Film Review: Litigante

★★★★☆

Colombian filmmaker Franco Lolli directs his second feature with astonishing confidence, crafting a tender family drama that captures the exhausting bitter-sweetness and competing priorities of family life in middle-age. Centred on a naturalistic, deeply empathetic turn from Carolina Sanin, Litigante transforms the banal into the elegiac.

The first scene finds an elderly woman being examined in a CAT-scanner. Bathed in blue light, the percussive noise of the scanner is almost musical. The noise proves an apt metaphor for the rhythms of the film: noisy, mechanical, but weirdly comforting in its predictable grinding.

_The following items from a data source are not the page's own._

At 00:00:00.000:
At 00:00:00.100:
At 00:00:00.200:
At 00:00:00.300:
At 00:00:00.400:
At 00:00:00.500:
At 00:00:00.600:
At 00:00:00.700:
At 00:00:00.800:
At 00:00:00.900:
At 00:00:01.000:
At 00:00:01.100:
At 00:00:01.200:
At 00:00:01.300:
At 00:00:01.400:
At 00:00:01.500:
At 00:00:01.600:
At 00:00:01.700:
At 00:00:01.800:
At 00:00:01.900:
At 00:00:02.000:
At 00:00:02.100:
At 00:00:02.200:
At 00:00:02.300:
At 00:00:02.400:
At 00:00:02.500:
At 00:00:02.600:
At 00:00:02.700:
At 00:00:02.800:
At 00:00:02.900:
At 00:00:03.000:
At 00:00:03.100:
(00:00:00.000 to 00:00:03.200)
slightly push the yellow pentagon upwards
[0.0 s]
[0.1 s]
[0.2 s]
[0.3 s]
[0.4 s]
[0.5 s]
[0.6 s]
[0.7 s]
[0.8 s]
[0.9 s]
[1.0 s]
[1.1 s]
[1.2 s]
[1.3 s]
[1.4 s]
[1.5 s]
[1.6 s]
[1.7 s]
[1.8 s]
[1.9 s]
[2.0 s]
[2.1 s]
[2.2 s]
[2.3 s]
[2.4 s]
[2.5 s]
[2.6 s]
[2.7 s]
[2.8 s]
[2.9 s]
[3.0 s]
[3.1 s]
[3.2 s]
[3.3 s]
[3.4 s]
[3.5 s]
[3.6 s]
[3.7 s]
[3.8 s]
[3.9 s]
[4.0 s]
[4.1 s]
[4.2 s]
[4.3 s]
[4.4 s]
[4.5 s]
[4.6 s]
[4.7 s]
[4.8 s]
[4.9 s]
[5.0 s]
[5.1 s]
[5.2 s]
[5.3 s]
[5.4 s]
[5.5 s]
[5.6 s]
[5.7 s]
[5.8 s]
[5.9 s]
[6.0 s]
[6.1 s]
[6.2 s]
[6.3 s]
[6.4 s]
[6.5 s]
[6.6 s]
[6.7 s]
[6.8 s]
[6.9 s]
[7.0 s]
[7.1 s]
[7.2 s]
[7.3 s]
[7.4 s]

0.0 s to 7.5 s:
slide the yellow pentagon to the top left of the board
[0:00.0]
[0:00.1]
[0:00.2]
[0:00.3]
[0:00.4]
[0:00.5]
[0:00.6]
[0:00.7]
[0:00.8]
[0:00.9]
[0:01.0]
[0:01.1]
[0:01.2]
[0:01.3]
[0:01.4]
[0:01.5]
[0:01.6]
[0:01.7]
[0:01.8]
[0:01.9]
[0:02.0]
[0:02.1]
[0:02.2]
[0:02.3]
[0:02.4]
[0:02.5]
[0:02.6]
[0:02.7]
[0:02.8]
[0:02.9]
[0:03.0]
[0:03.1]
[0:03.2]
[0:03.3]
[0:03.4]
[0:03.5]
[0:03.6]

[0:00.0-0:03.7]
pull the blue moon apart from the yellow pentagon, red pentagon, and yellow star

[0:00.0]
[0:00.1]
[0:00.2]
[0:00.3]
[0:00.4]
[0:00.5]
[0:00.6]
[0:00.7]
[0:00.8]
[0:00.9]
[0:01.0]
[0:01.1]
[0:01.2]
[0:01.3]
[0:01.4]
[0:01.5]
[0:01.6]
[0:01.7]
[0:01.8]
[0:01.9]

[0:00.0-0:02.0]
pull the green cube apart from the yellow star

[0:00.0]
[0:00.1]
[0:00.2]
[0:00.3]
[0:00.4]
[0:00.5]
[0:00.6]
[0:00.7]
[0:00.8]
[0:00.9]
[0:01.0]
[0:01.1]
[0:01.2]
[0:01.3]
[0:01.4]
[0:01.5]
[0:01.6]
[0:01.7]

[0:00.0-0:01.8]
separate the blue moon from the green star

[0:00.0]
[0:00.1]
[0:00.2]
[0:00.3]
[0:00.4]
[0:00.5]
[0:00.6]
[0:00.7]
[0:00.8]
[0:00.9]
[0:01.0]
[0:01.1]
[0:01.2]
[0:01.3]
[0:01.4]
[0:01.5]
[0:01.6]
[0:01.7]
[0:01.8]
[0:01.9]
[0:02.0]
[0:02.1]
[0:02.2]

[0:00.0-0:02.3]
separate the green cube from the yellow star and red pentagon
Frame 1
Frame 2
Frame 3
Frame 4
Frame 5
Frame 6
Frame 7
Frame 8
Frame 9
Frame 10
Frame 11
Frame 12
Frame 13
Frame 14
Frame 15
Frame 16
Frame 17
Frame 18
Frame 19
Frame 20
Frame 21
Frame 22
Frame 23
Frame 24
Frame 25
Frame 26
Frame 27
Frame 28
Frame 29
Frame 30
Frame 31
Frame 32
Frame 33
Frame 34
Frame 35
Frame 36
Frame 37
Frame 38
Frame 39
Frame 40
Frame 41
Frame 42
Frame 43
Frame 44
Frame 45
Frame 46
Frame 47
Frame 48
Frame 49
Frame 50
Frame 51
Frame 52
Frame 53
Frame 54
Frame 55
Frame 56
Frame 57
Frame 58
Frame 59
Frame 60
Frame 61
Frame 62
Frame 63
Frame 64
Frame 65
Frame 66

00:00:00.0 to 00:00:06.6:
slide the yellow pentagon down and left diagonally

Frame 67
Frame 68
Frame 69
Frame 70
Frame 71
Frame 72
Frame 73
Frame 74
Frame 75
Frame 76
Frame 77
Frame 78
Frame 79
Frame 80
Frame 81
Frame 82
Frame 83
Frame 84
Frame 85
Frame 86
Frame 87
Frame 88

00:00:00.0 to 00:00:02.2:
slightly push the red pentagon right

In the midst of this grind is Silvia (Sanin); the woman in the CAT-scanner is her mother, Leticia (the director’s own mother, Leticia Gómez), suffering from lung cancer. As Silvia cares for her mother at home, at work she is embroiled in a corruption scandal caused by her arrogant, absent boss in the public sector in spite of her repeated legal advice to resolve the situation. Meanwhile, as a single mother she is solely responsible for raising her young son, Antonio (Antonio Martinez).

Her daily trials are many but Silvia’s mother is surely her most formidable routine obstacle. Leticia’s intransigent grouchiness is as head-thumpingly frustrating as it is familiar. But her refusal of chemotherapy treatment – which could safe her life but make her remaining time unbearable – is also poignant and heart-breaking. We see Leticia through Silvia’s eyes: stubborn and ignorant, just as loved ones often can be. Their constant bickering feels petty in the face of mortality, but speaks to two lifetimes’ worth of combined grief and tenderness, a catalogue of minor moments that are far more than the sum of their parts.

Silvia’s burgeoning relationship with radio journalist, Abel (Vladimir Durán), provides a bridge between her professional and private lives – they meet when he roughly interviews her about the corruption scandal – adding yet another strain to her relationship with her mother. There’s no great romance here: Abel is appealing and loyal but as flawed as Silvia. But with every problem his presence inserts into her life, so too does he provides vectors for love and tenderness; with each new character the film introduces, those vectors increasingly intersect, sometimes causing tensions. Simplicity is easier but it is also colder: complexity is unpredictable and can be hard but in the end it is kinder.

Keeping the camera close to his subjects under naturalistic light, cinematographer Luis Armando Arteaga evokes Litigante’s quotidian relationships without ever making them feel mundane. Two sequences in particular, one in a rowdy swimming pool and later, one on a quiet evening in Letitia’s house, capture the frailty and preciousness of special moments that feel, superficially, banal. Arteaga’s camera here never feels like it’s intruding, but is intimate all the same. So many filmmakers conceptualise their visuals either voyeuristically or as active participants in the drama, but here we are simply with our subjects in the moment. It’s a quiet trick, easily missed, but a special one all the same.

Franco Lolli’s Litigante is available to stream on Curzon Home Cinema from 10 July.